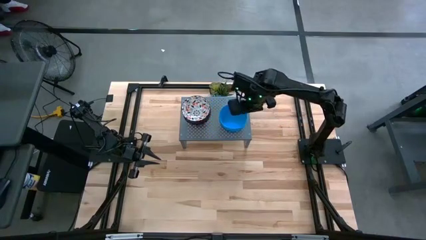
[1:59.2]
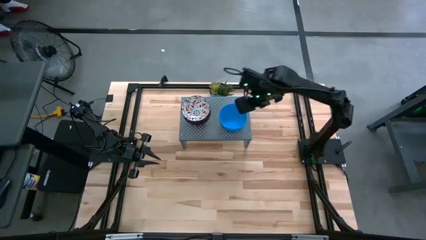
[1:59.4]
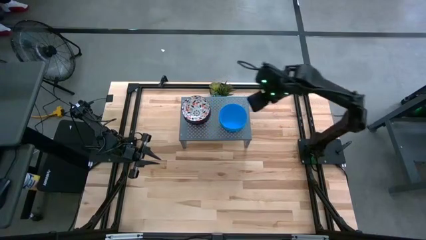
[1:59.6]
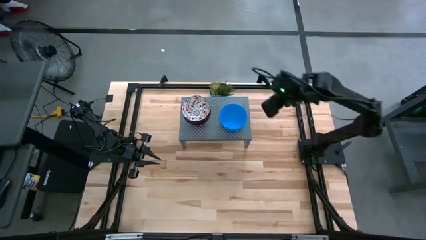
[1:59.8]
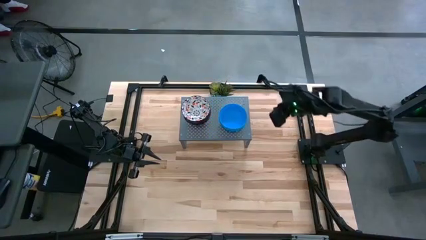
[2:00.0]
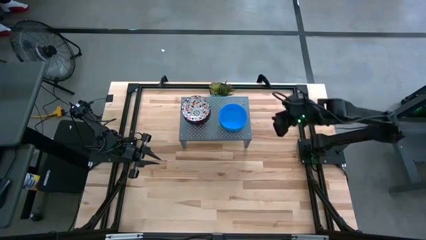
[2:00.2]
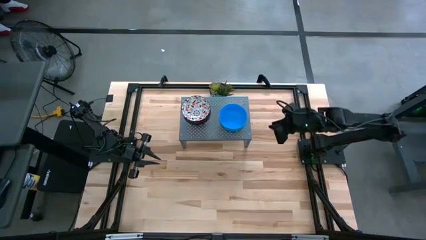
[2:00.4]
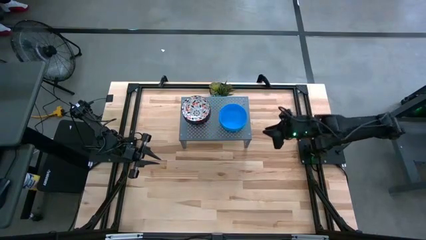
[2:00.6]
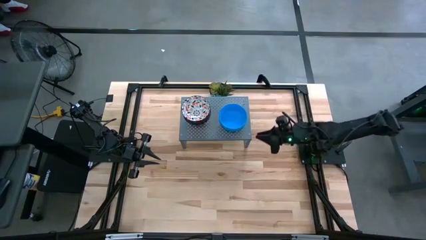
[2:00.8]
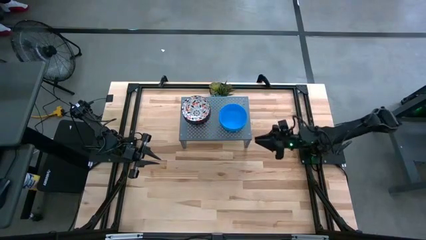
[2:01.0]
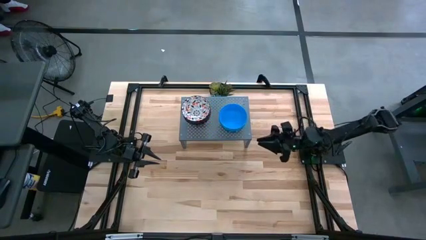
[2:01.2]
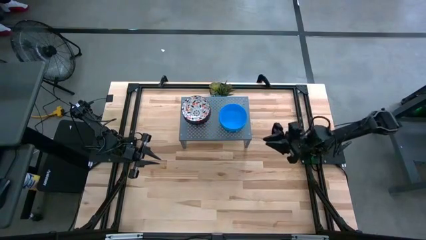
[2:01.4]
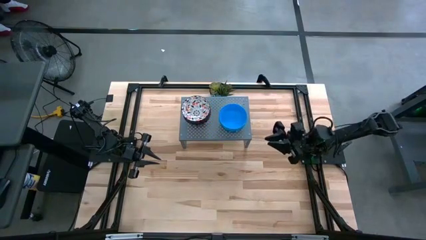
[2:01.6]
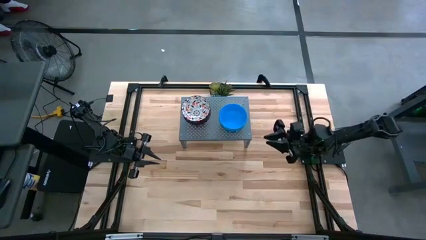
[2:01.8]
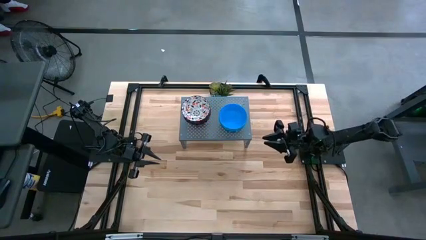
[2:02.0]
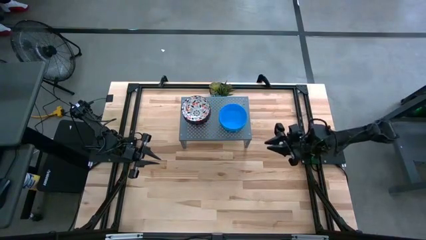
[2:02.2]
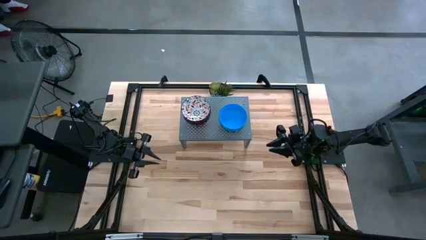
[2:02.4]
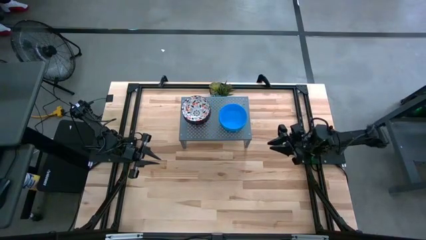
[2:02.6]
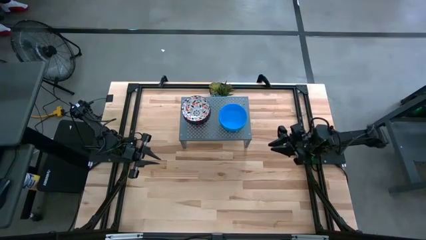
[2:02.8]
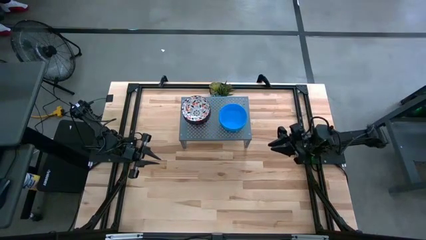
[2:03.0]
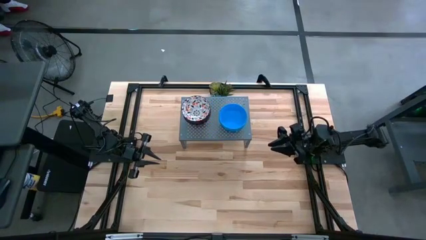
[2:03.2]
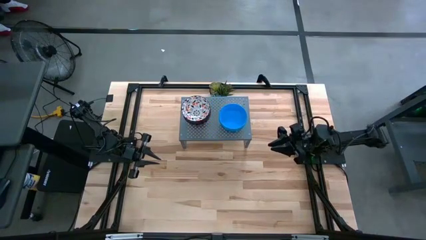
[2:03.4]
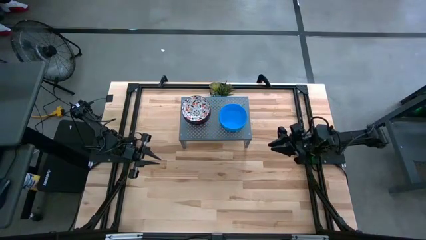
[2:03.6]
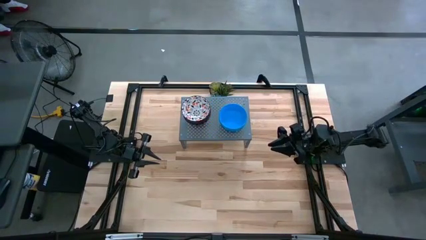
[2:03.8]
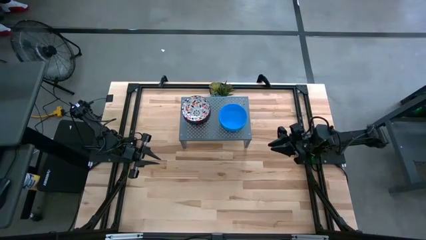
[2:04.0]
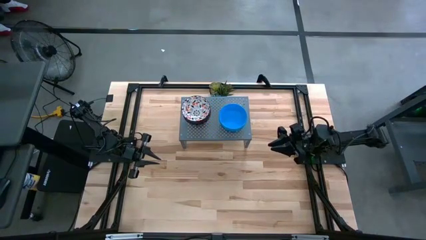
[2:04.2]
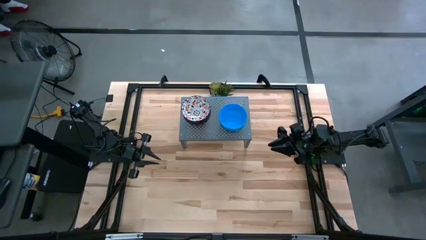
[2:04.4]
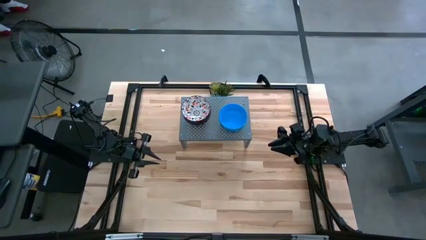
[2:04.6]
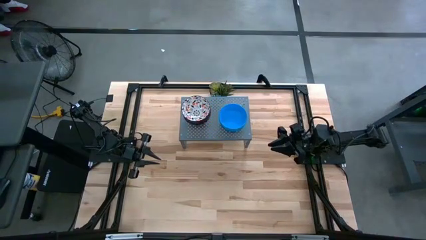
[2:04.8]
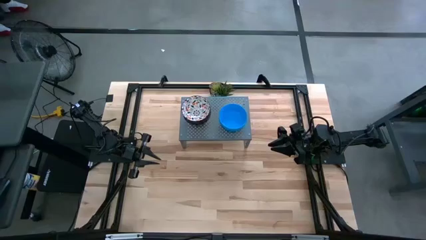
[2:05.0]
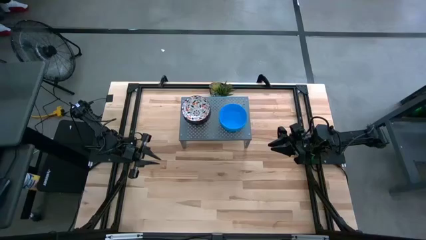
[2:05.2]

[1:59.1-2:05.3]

Problem details
Everything in the material above is to be reproduced exactly, pictures aside.

Output of the task
[1:59.2]
[1:59.4]
[1:59.6]
[1:59.8]
[2:00.0]
[2:00.2]
[2:00.4]
[2:00.6]
[2:00.8]
[2:01.0]
[2:01.2]
[2:01.4]
[2:01.6]
[2:01.8]
[2:02.0]
[2:02.2]
[2:02.4]
[2:02.6]
[2:02.8]
[2:03.0]
[2:03.2]
[2:03.4]
[2:03.6]
[2:03.8]
[2:04.0]
[2:04.2]
[2:04.4]
[2:04.6]
[2:04.8]
[2:05.0]
[2:05.2]

[1:59.1-2:05.3]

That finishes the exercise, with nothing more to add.